Colloque sur l’intersectionnalité à Créteil : recherche scientifique ou militantisme idéologique ?

Dans une récente tribune sur le Plus du Nouvelobs Eric Fassin revient sur les polémiques liées aux tentatives d’annulation d’un colloque sur l’intersectionnalité. Les grands mots sont mobilisés : menaces sur la recherche scientifique, antidote au populisme. On en a vu le résultat avec l’élection de Trump dans le pays dans lequel ce concept est né et se développe.

Tout d’abord il est tout à fait légitime de s’interroger sur le fait que l’université, qui n’est pas ouverte à n’importe quel colloque, soit le théâtre d’une farce car en réalité il ne s’agit pas d’un colloque mais d’un procès de l’école publique républicaine et de la loi de 2004 sur les signes religieux à l’école et tout ça parrainé par l’Académie de Créteil avant la mobilisation qui ne venait pas que de l’extrême droite. Ensuite on a le droit de s’interroger sur le caractère scientifique de ce « colloque » où tout le monde paraît être d’accord. Diane-Sophie Girin explique tranquillement que l’enseignement privé musulman en France est la conséquence de la fabrication d’un « problème musulman » à l’école publique.
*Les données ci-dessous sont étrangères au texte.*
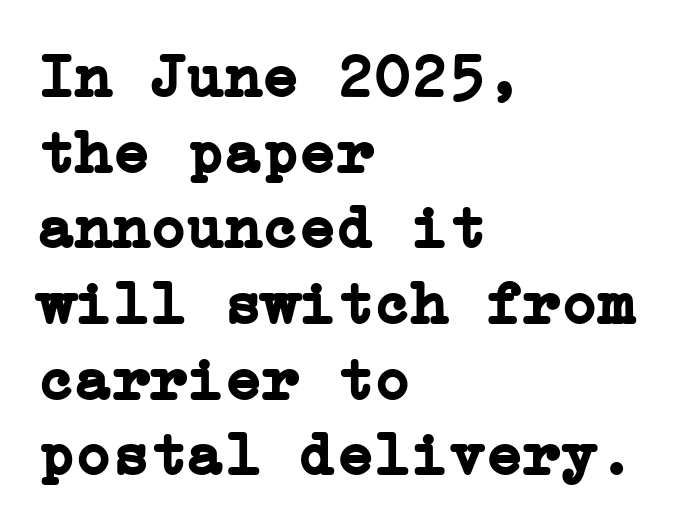
{"serif": "yes", "italic": "no", "bold": "yes", "weight": "semibold", "width": "normal", "stroke_contrast": "low", "x_height": "medium", "underline": "no", "align": "left", "line_spacing_ratio": 1.22, "letter_spacing": "normal", "letter_spacing_em": 0.0, "glyph_px": 62}
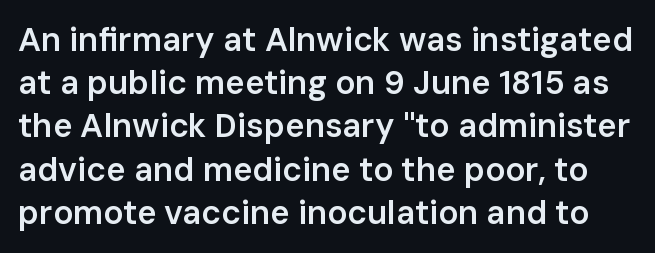
Here the designer chose a conventional face with non-uniform glyph widths. Spacing between characters is what you'd get straight out of the box. Examine the stroke ends and you'll find no serifs. The foot of each line stays bare and open.
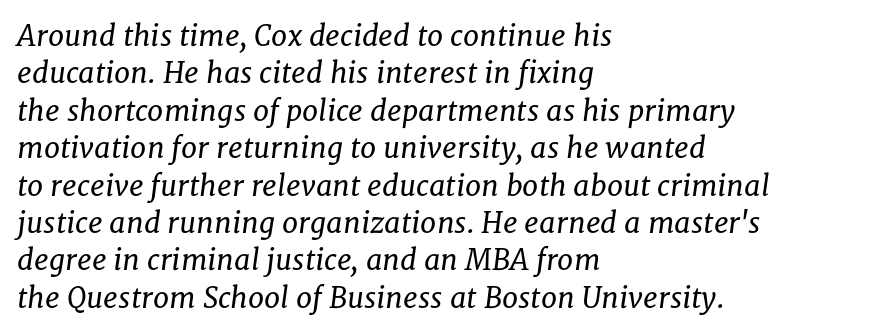
{"serif": "yes", "italic": "yes", "lean": "right", "slant_degrees": 8, "bold": "no", "weight": "regular", "width": "normal", "stroke_contrast": "low", "x_height": "medium", "monospaced": "no", "underline": "no", "align": "left", "line_spacing": "normal", "line_spacing_ratio": 1.29, "letter_spacing": "normal", "letter_spacing_em": 0.0, "glyph_px": 29}
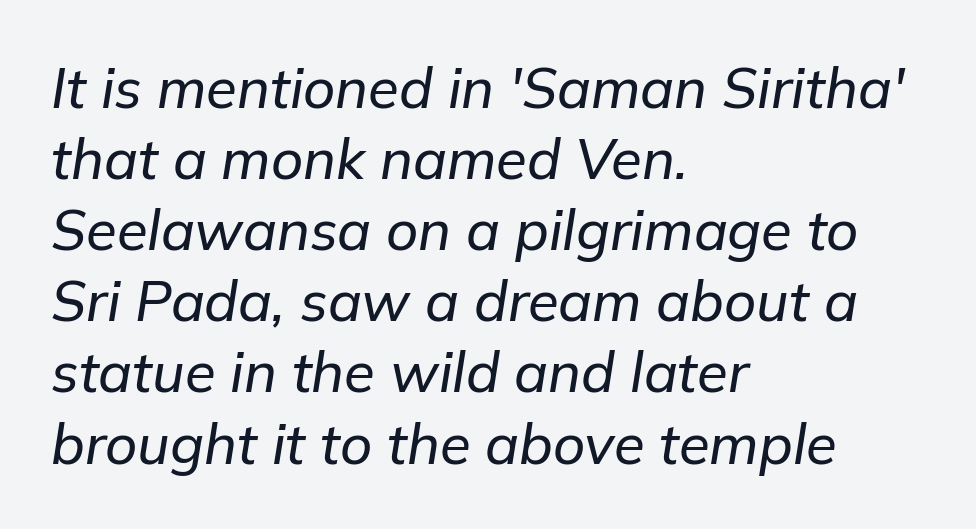
The image shows 56 px text type, italic (leaning right); set left-aligned, normal line spacing (1.27x), normal letter spacing, not underlined; low stroke contrast and a medium x-height.
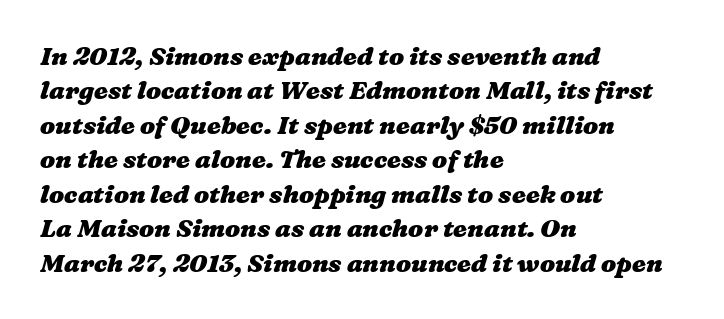
Typeset ragged right — the left edge is the straight one. I'd describe the lettering as bold — thick and assertive. The space between consecutive lines is moderate. A clean baseline with only descenders dipping below it. A typesetter would call this zero additional tracking.

Outre l’essentialisme de cette affirmation, qui suppose que seuls les chrétiens et les juifs seraient communautaristes et/ou intégristes pour créer des écoles religieuses mais pas les musulmans si on utilisait ses propres procédés « scientifiques », on pourrait au contraire expliquer que le système français est beaucoup plus inclusif que le britannique ou les écoles musulmanes sont bien plus nombreuses nonobstant une communauté musulmane moins nombreuse qu’en France.

Ensuite l’intervention de Marwan Mohamed spécialiste des théories à partir d’un fait divers, et qui avait confondu Cologne à Francfort dans un attaque ridicule à Kamel Daoud avant de supprimer son tweet, sa proximité avec le CCIF qui a défendu une école musulmane crée illégalement à Toulouse pour fuir la « banalisation de l’homosexualité » et les études de genres de l’école publique montre que les motivations du développement de l’enseignement privé musulman sont bien plus complexes.

Mais là où ça devient encore plus légitime c’est quand Fassin regrette l’annulation de la formation à l’intersectionnnalité proposé aux enseignants dans le cadre de ce colloque (bientôt une formation obligatoire ?). Il est tout à fait légitime de demander l’annulation d’une formation basée sur des théories contestées et qui n’ont jamais été prouvées scientifiquement. Pourquoi les enseignants devraient-ils être formés à des théories qui n’ont strictement rien de scientifique mais tout d’idéologique, visant à leur expliquer que la loi de 2004 qu’ils sont censés appliquer est islamophobe et responsables de tous les maux ? Leur dire qu’ils sont islamophobes mais qu’ils ne s’en rendent pas compte, comme suggère une intervenante du colloque ? Pour mieux les culpabiliser face à des élèves musulmans qui peuvent parfois avoir des comportements antisémites ou sexistes ou homophobes et donc réagir avec moins de fermeté voire pas du tout ?

C’est d’ailleurs une des conséquences des théories, pas du tout scientifiques, de Nacira Guénif qui explique très doctement que « espèce de juif mes excuses » n’est pas une expression antisémite, ou que les ABCD sont trop culpabilisants dès qu’elle a vu que certains musulmans n’en voulaient pas. D’ailleurs s’il est vrai qu’elle n’était pas intervenante, elle est en revanche dans le comité « scientifique » de ce colloque, pourquoi donc Eric Fassin s’obstine à nier sa proximité avec le PIR qu’elle soutient constamment et alors même qu’elle a participé à l’anniversaire des dix ans de ce mouvement ?

Nacira Guénif, deuxième à gauche derrière le drapeaux de la Palestine aux dix ans du PIR

Il est en outre stupéfiant de voir Laurence De Cock, grand soutien de ce colloque, s’étonner que les jeunes de Nuit Debout pensaient que la seule solution pour fuir les dominations et « persécutions » de l’école républicaine était le privée ou le Homeschooling. Quel genre de réaction peut-on s’attendre à avoir quand on explique à longueur de journée que l’Etat, et donc l’école, sont intrinsèquement racistes et islamophobes (tout en restant bien sûr fonctionnaire d’Etat, la « résistance » à des limites quand même) ? Tous ces sociologues qui confondent sociologie et militantisme, qui n’ont pas digéré d’avoir perdu la bataille de la loi de 2004 dans les urnes et qui essaient de la délégitimer sous couvert de recherche scientifique et formation sont parmi les fossoyeurs de l’école publique.